A new approach to penalty enforcement?
One of the basic doctrines of contract law for many years has been that a Court will not enforce a penalty provision. A penalty provision is a term in a contract which enables one party to punish the other. Punishment occurs when the consequences of a breach are such that the adverse affect on the party subject to the penalty is disproportionate to the loss the other has suffered.
The inclusion of a default provision is usually expressed as an obligation to pay liquidated damages. By liquidated, is meant an ascertainable fixed sum. The rule has been that the liquidated damages must be a genuine pre-estimate of loss. A recent High Court decision in New Zealand has changed the approach to enforceability of liquidated damages. In the case Honey Bees Preschools Limited sought to enforce an indemnity provision in relation to a breach of a deed which was collateral to their lease of the premises. The problem was the landlord had agreed to install a second lift in the premises and, by the deed, to indemnify Honey Bees for all obligations it may incur under the lease, including rent and other expenses if the lift was not fully operational by a particular date. Honey Bees sought to enforce the indemnity but the landlord’s defence was that it was an unenforceable penalty.
The Court considered whether the penalty doctrine applied only upon breach of contract, i.e. only clauses with secondary obligations to compensate for breach of primary obligations could be struck out as penalties. Recent cases in the United Kingdom and Australia have shown a difference in approach. The judge here preferred the United Kingdom approach, in that the penalty doctrine applied only to secondary obligations. The judge construed the indemnity as creating a liability which was secondary to the breach of the landlord’s primary obligation to install the lift. The indemnity was therefore capable of being characterised as a penalty, meaning the penalty doctrine applied. The question was whether it was in fact a penalty.
The Judge decided that the indemnity was not a penalty. It was there to protect Honey Bees’ legitimate business interests and its enforcement was proportionate to the protection sought. The Court’s focus was on Honey Bees’ reasons for wanting the installation of the lift, including:
(i) that the liability would only arise some 31 months after the document was executed, thereby giving the landlord more than ample opportunity to install the lift;
(ii) the landlord’s commercial knowledge was such that the landlord should have known of the importance of the lift;
(iii) Honey Bees had incurred significant expenditure on fitting out its premises; and
(iv) as a result of prior dealings, Honey Bees had doubts about the reliability of the landlord in relation to the installation of the second lift on time and the strongly worded indemnity therefore was appropriate as a consequence of non-performance.

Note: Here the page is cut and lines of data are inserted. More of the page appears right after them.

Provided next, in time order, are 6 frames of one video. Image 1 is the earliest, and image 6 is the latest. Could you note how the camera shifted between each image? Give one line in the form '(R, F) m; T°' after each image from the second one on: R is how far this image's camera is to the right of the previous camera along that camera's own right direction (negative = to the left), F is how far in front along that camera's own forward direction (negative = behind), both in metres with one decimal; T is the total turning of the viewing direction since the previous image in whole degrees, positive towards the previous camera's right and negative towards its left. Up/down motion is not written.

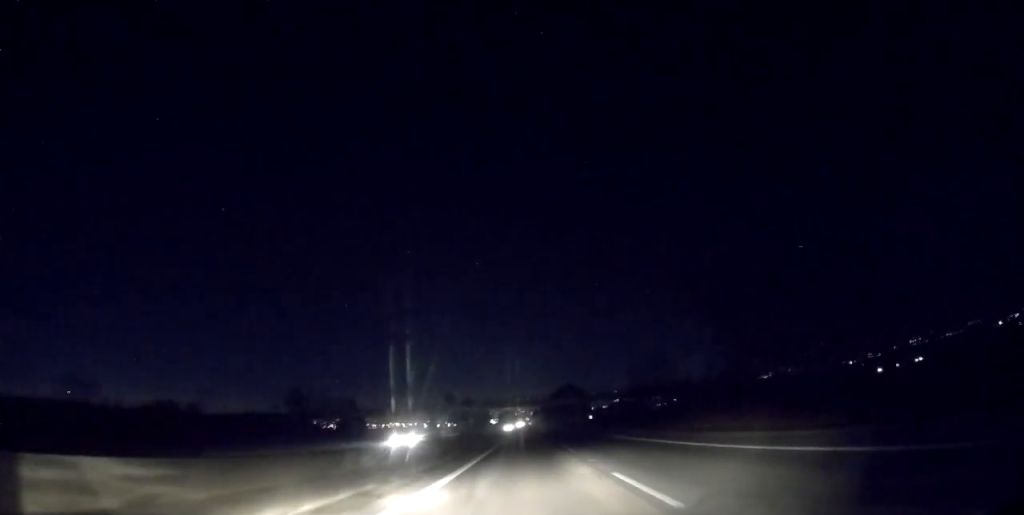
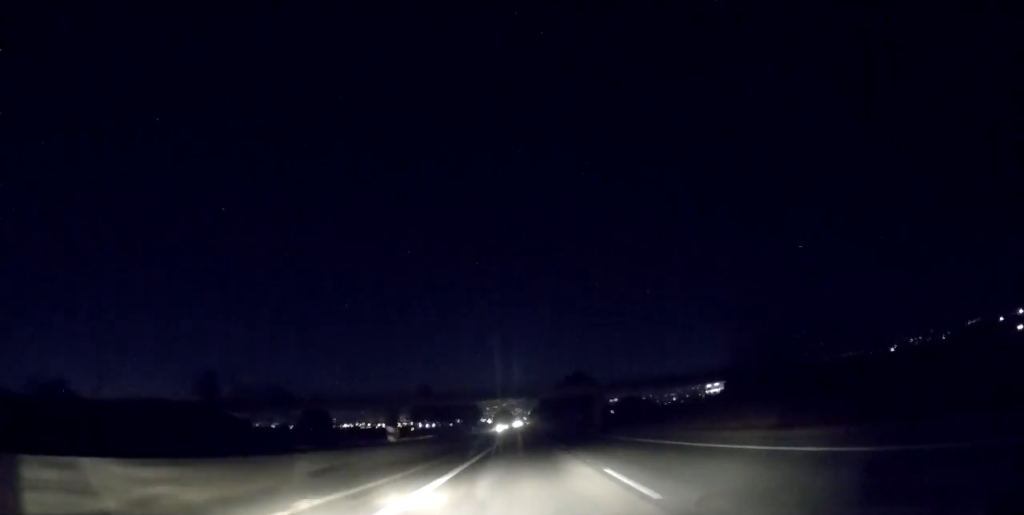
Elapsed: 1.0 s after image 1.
(+0.2, +34.6) m; 0°
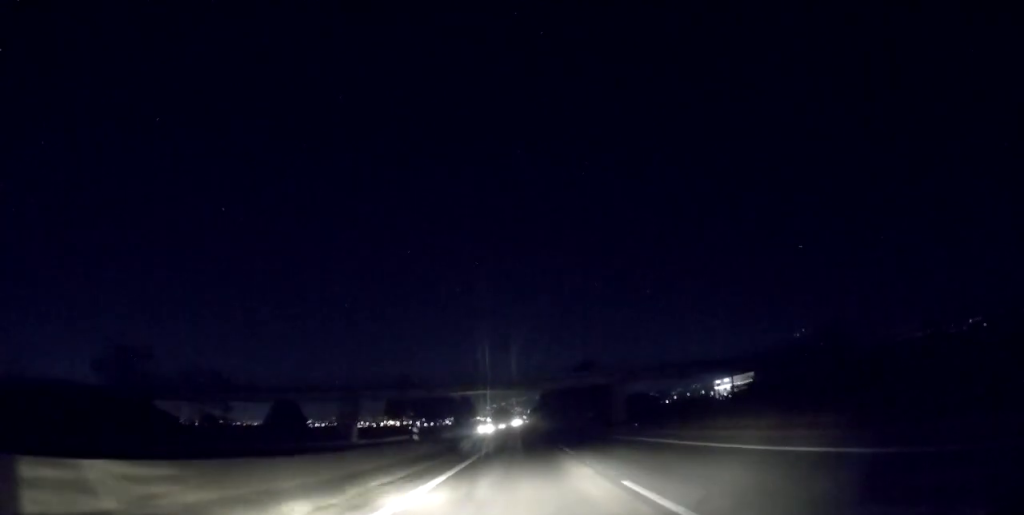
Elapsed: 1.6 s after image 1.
(0.0, +21.1) m; 0°
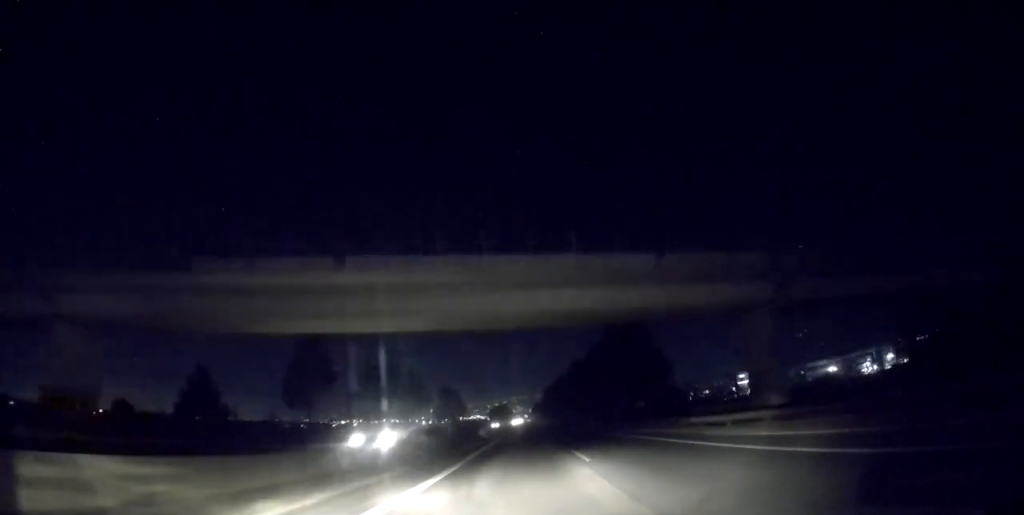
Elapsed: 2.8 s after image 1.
(-0.1, +42.2) m; 0°
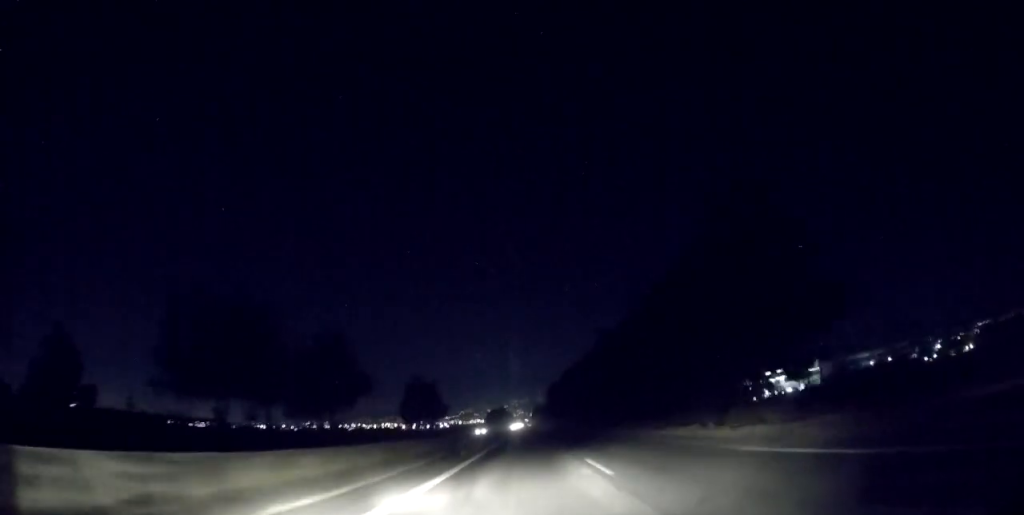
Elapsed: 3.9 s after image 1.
(-0.2, +39.2) m; 0°
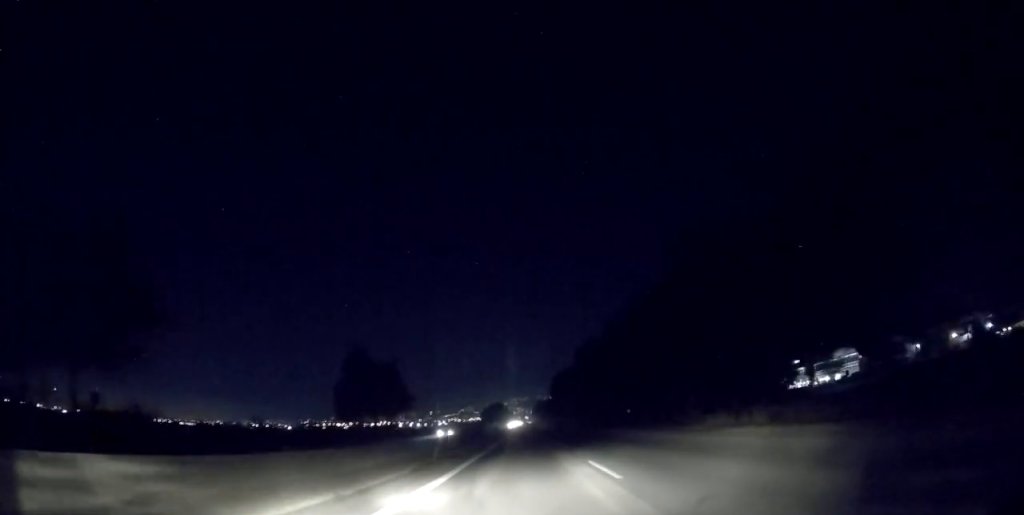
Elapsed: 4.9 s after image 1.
(+0.2, +36.3) m; 0°

From the point of view of commercial parties negotiating a contract, the inclusion of a provision indicating the purpose of the indemnity clause, including in particular identifying the interest being protected by the provision and its consequences if not performed, is now far more likely to be upheld by a Court. While any argument over enforcement will be dependent on its particular facts a party seeking to enforce an appropriately worded indemnity provision should have more confidence in the likelihood of a Court finding in its favour than had previously been the case.
The information contained in this paper is necessarily of a generalised nature and specific advice should be sought in relation to any particular situation.